**EXERCISE BRIEF**
Tally the lines containing "Rechteck" in this data. Respond with the tally alone.

Stored records:
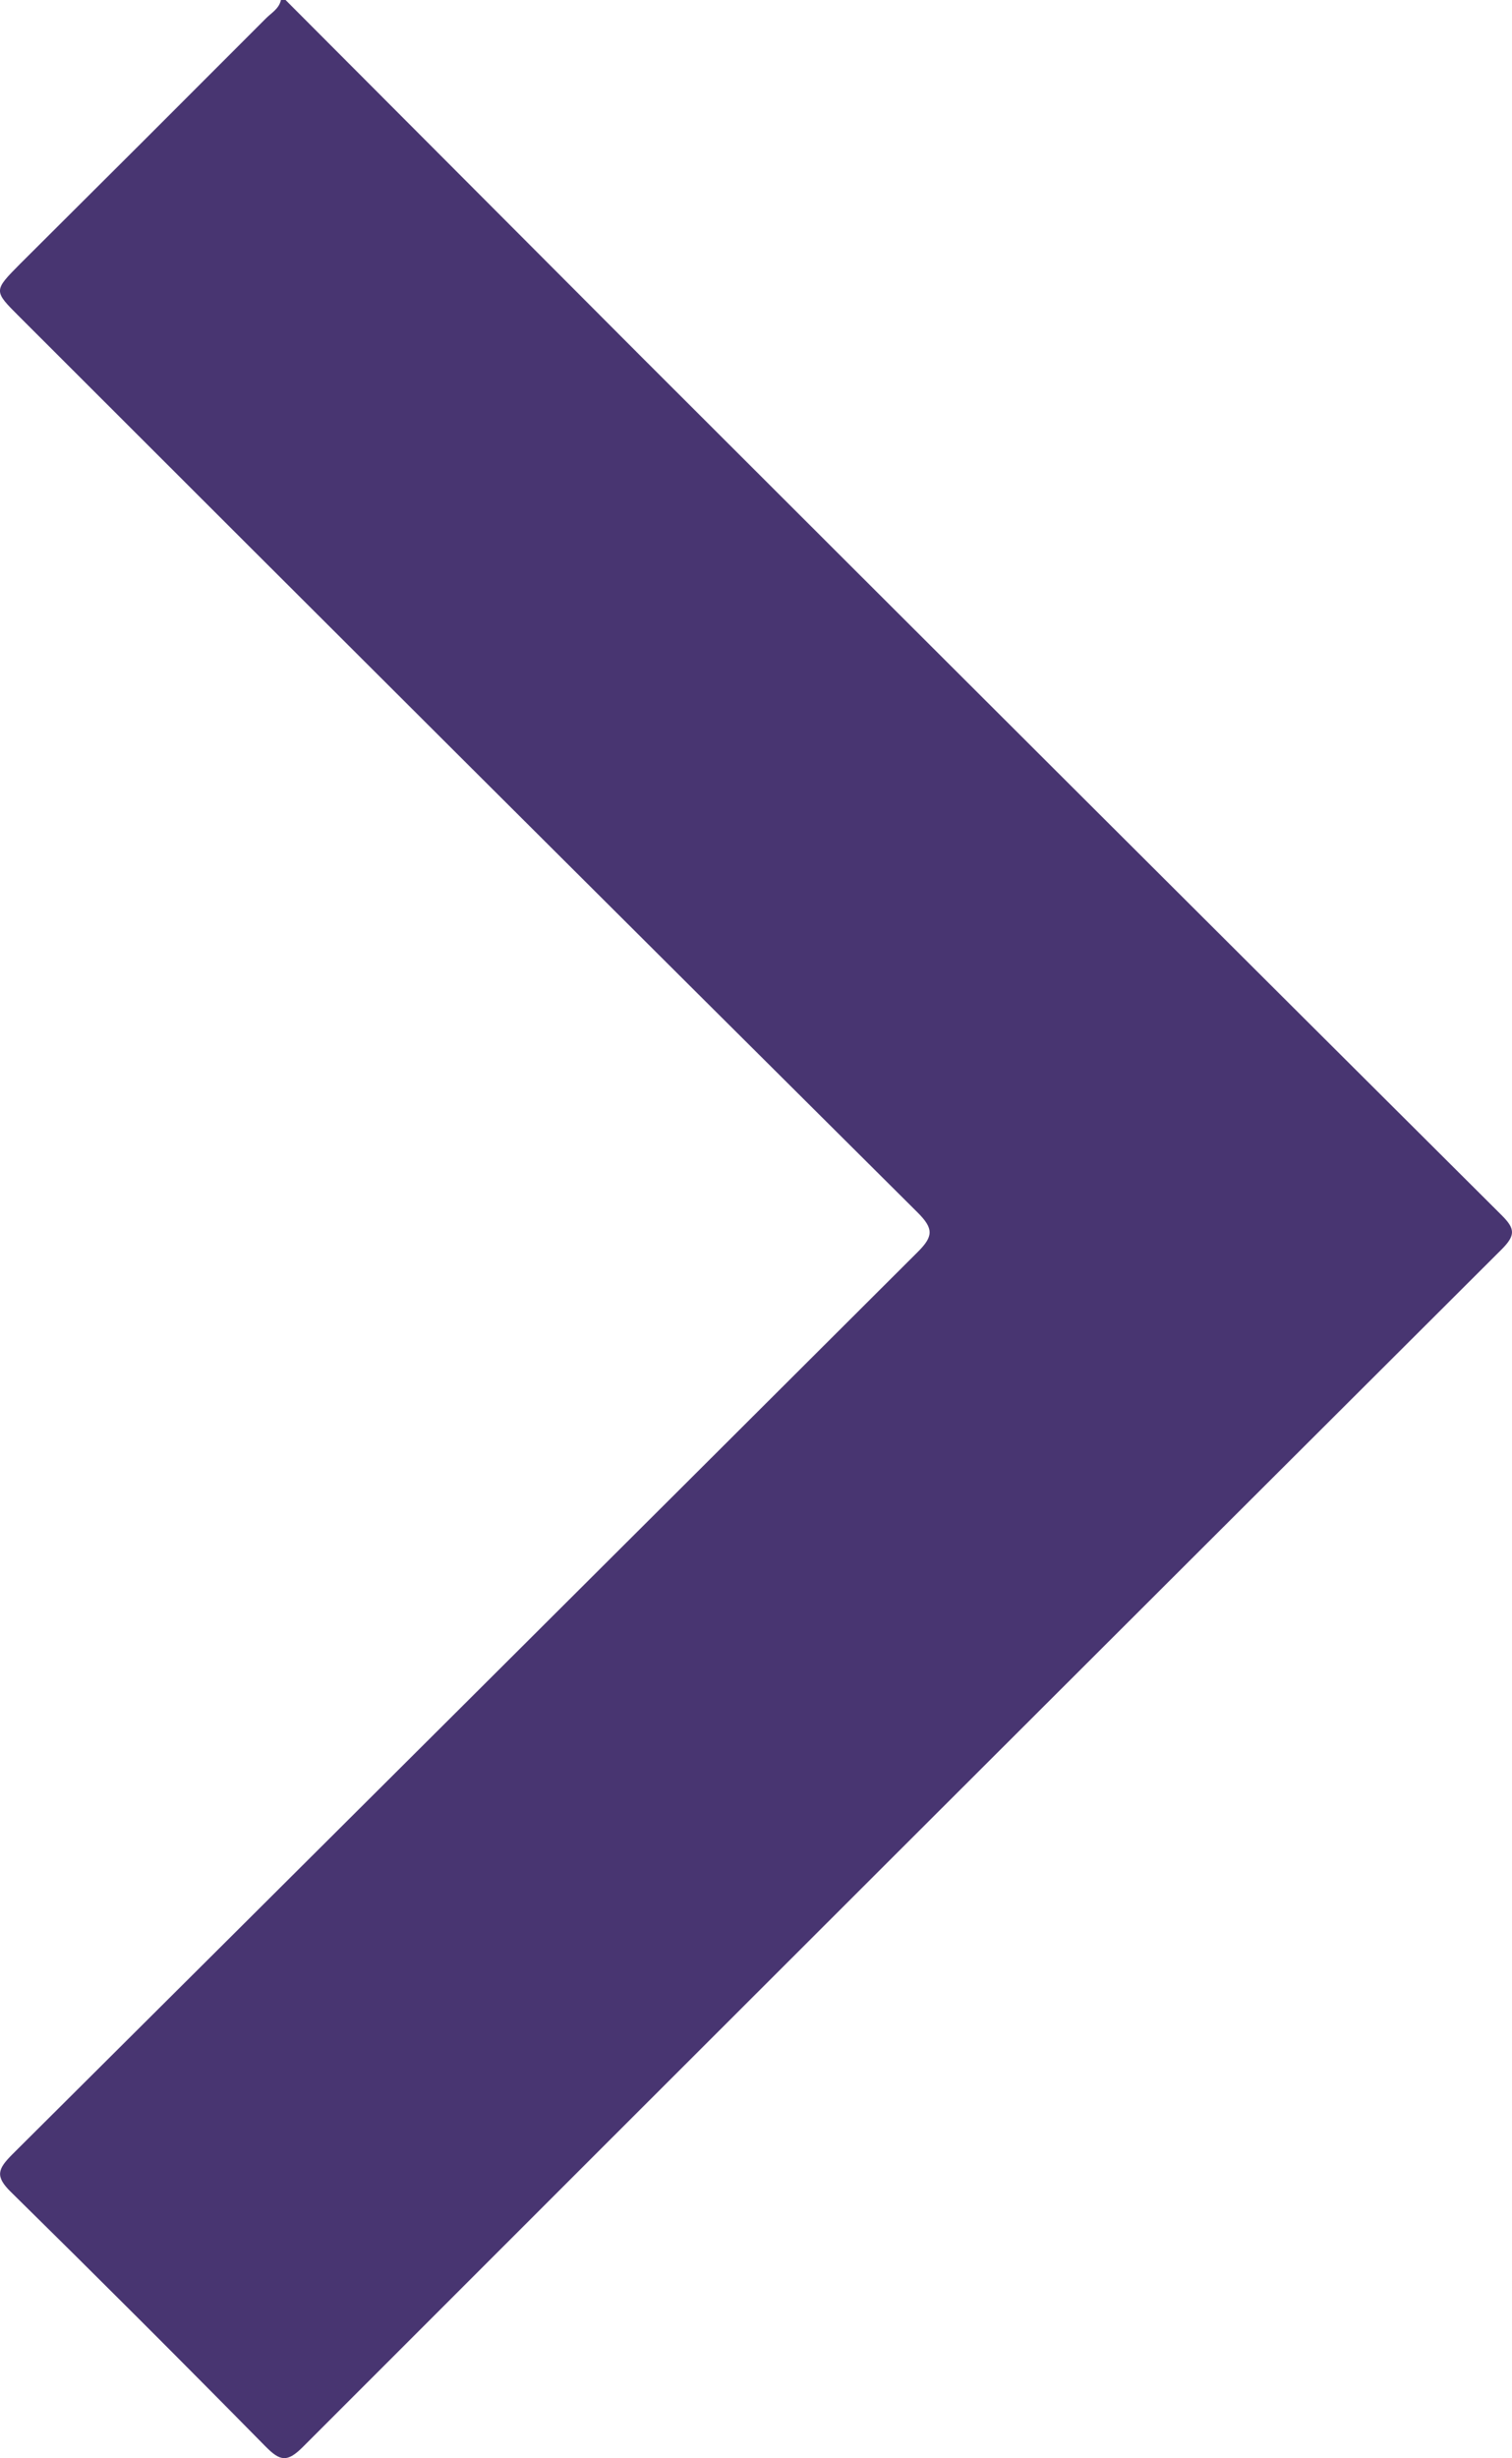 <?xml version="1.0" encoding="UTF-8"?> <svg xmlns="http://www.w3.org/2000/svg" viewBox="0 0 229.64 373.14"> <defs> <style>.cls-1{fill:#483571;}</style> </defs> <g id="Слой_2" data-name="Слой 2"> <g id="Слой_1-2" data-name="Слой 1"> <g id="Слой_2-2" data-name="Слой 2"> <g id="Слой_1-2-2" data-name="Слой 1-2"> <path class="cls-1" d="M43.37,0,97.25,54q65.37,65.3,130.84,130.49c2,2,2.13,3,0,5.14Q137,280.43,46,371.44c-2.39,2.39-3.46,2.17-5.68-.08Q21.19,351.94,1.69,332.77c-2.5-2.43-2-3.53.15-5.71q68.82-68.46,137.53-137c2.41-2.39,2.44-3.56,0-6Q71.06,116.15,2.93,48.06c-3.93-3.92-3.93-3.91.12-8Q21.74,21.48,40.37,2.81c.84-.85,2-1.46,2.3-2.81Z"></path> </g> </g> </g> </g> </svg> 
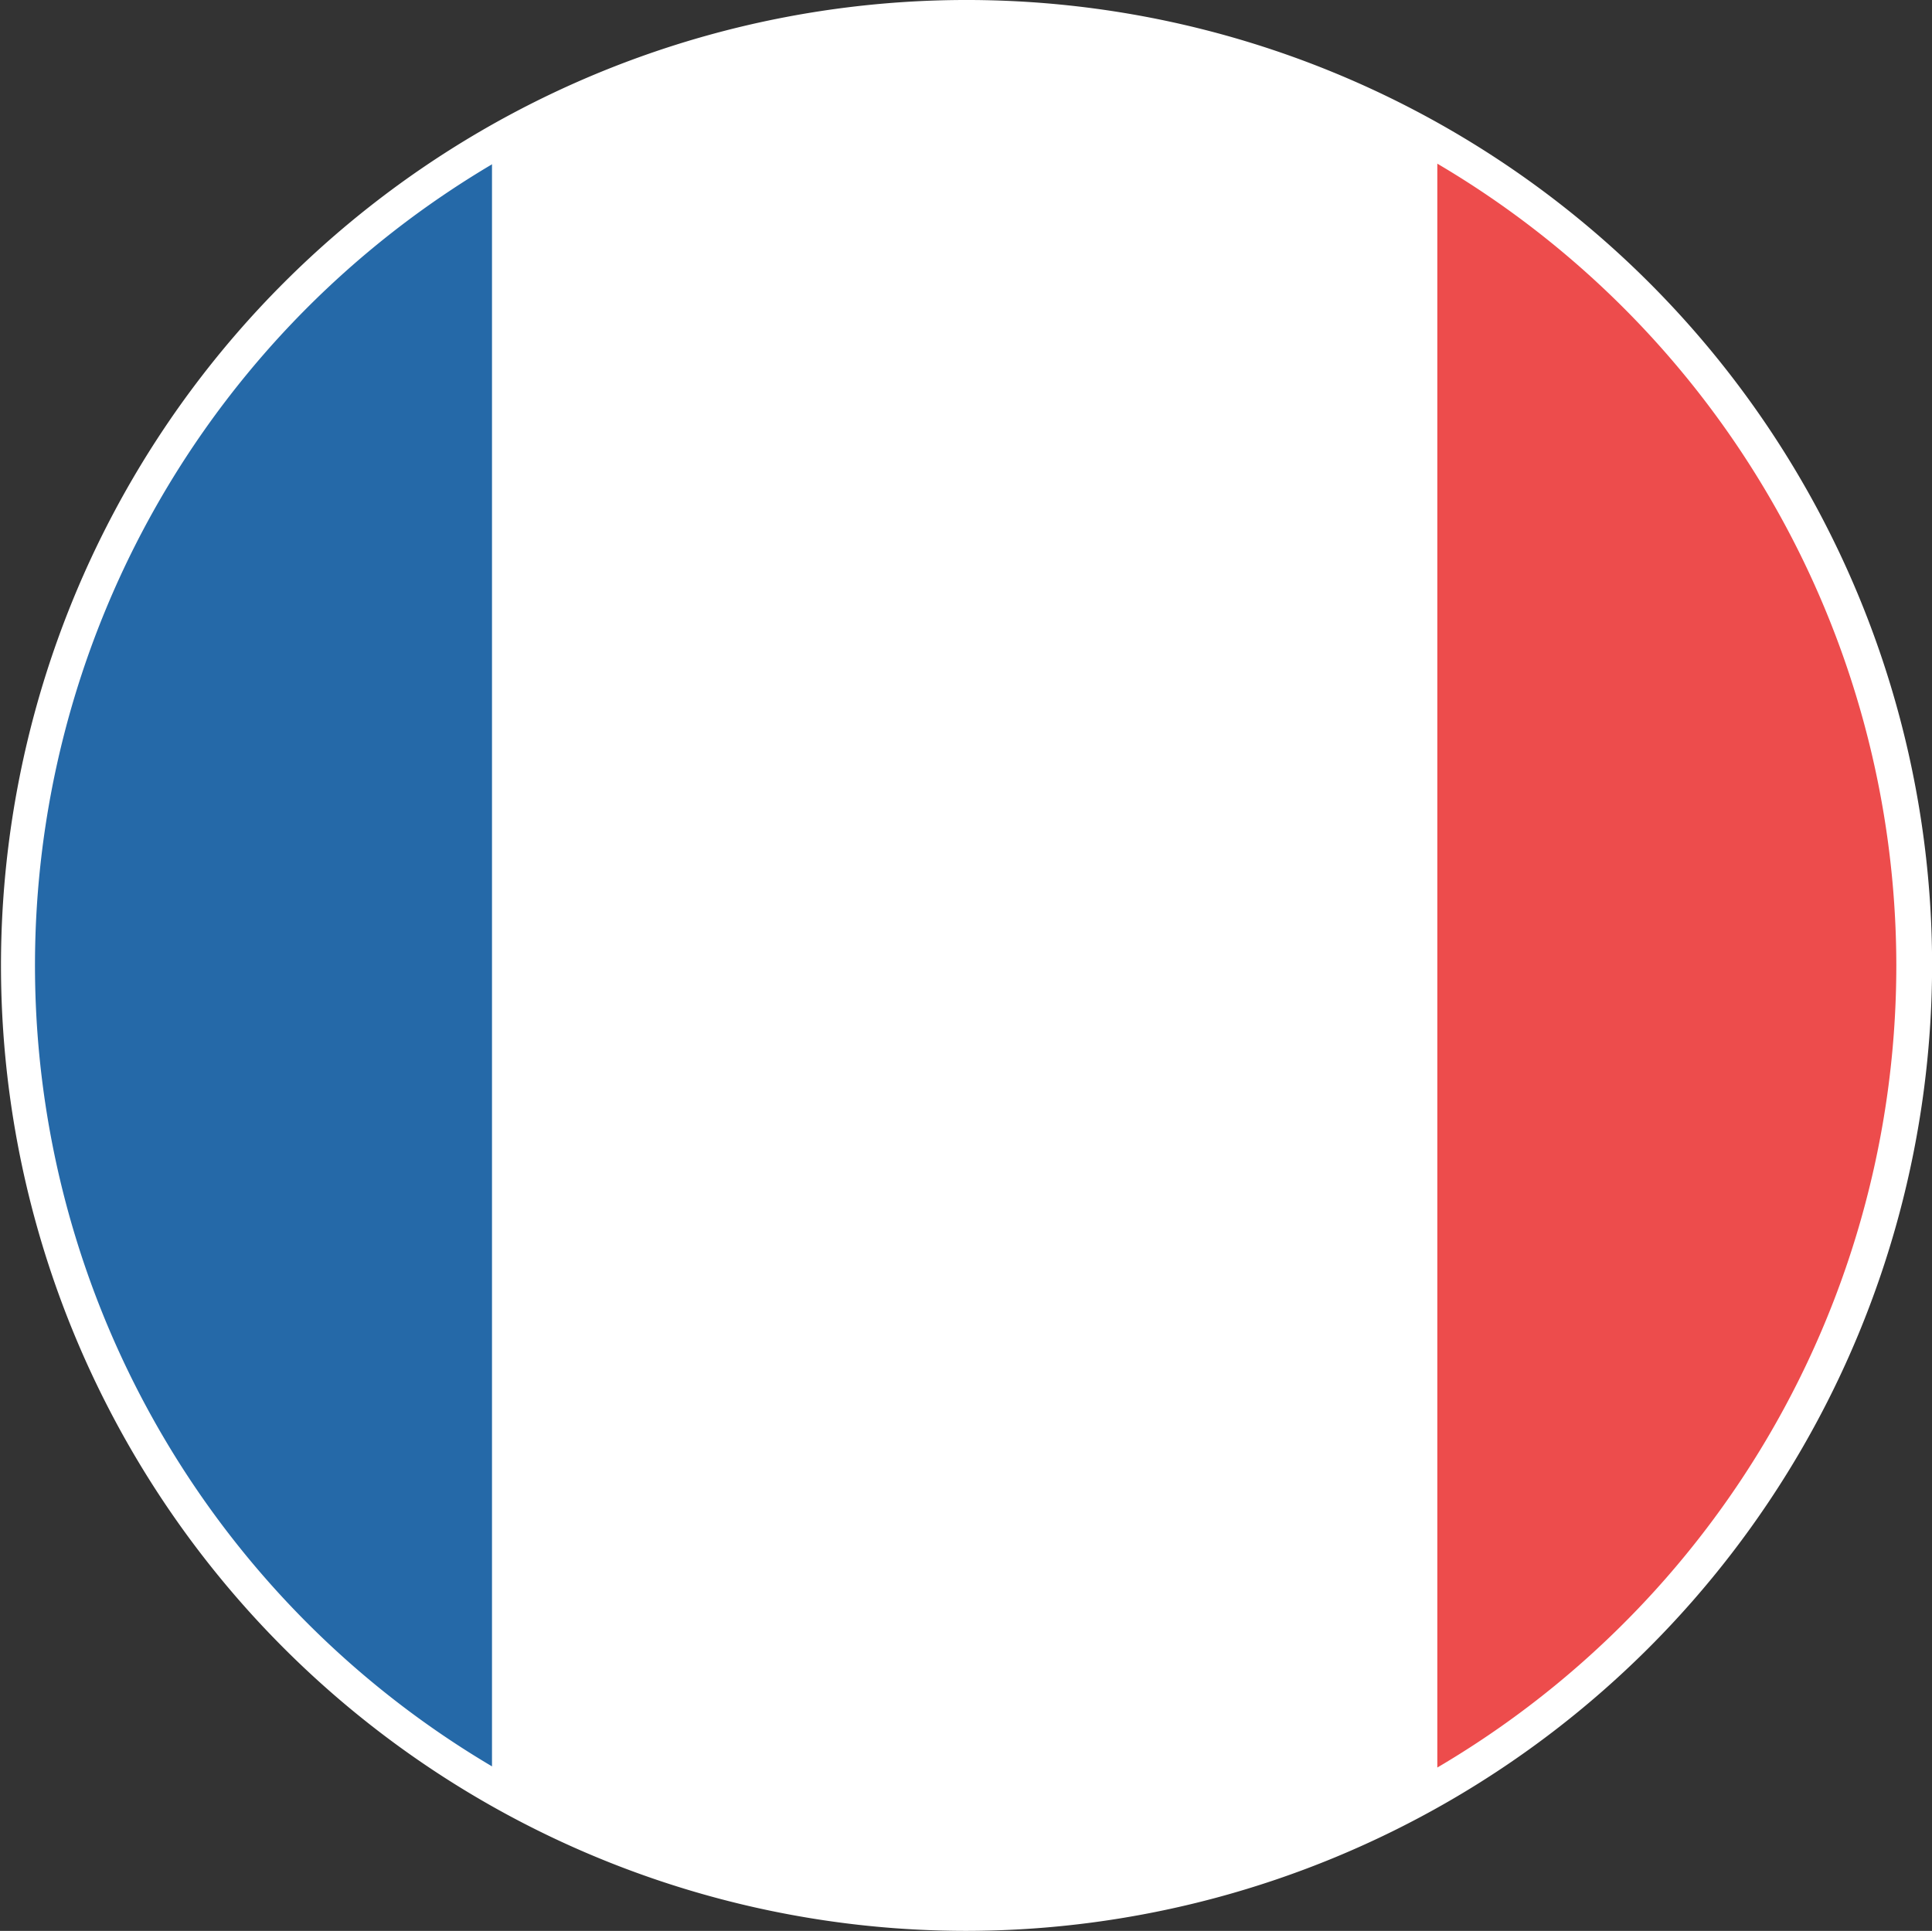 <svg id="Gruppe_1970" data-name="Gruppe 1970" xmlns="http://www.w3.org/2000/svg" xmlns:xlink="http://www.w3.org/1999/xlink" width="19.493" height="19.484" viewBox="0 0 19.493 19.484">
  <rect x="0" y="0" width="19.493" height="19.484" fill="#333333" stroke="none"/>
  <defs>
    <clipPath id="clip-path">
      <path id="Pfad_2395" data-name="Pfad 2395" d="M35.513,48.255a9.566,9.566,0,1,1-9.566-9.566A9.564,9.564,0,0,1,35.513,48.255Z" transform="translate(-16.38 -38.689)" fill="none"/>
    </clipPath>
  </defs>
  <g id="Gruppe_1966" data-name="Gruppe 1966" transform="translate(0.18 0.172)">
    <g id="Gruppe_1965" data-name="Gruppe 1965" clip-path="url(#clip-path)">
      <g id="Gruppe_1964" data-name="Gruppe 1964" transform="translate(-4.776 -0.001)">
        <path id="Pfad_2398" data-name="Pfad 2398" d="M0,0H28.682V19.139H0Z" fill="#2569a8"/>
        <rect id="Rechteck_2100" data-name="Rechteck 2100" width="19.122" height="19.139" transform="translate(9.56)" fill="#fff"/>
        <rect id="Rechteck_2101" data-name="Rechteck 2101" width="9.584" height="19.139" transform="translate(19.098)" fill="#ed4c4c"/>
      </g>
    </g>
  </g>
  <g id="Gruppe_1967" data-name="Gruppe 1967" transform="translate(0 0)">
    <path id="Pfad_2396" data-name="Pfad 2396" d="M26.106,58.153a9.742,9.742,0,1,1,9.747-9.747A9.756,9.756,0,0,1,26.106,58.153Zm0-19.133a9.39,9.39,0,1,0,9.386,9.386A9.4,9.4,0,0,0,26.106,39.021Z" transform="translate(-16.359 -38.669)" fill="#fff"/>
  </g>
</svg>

**TASK RESPONSE**
2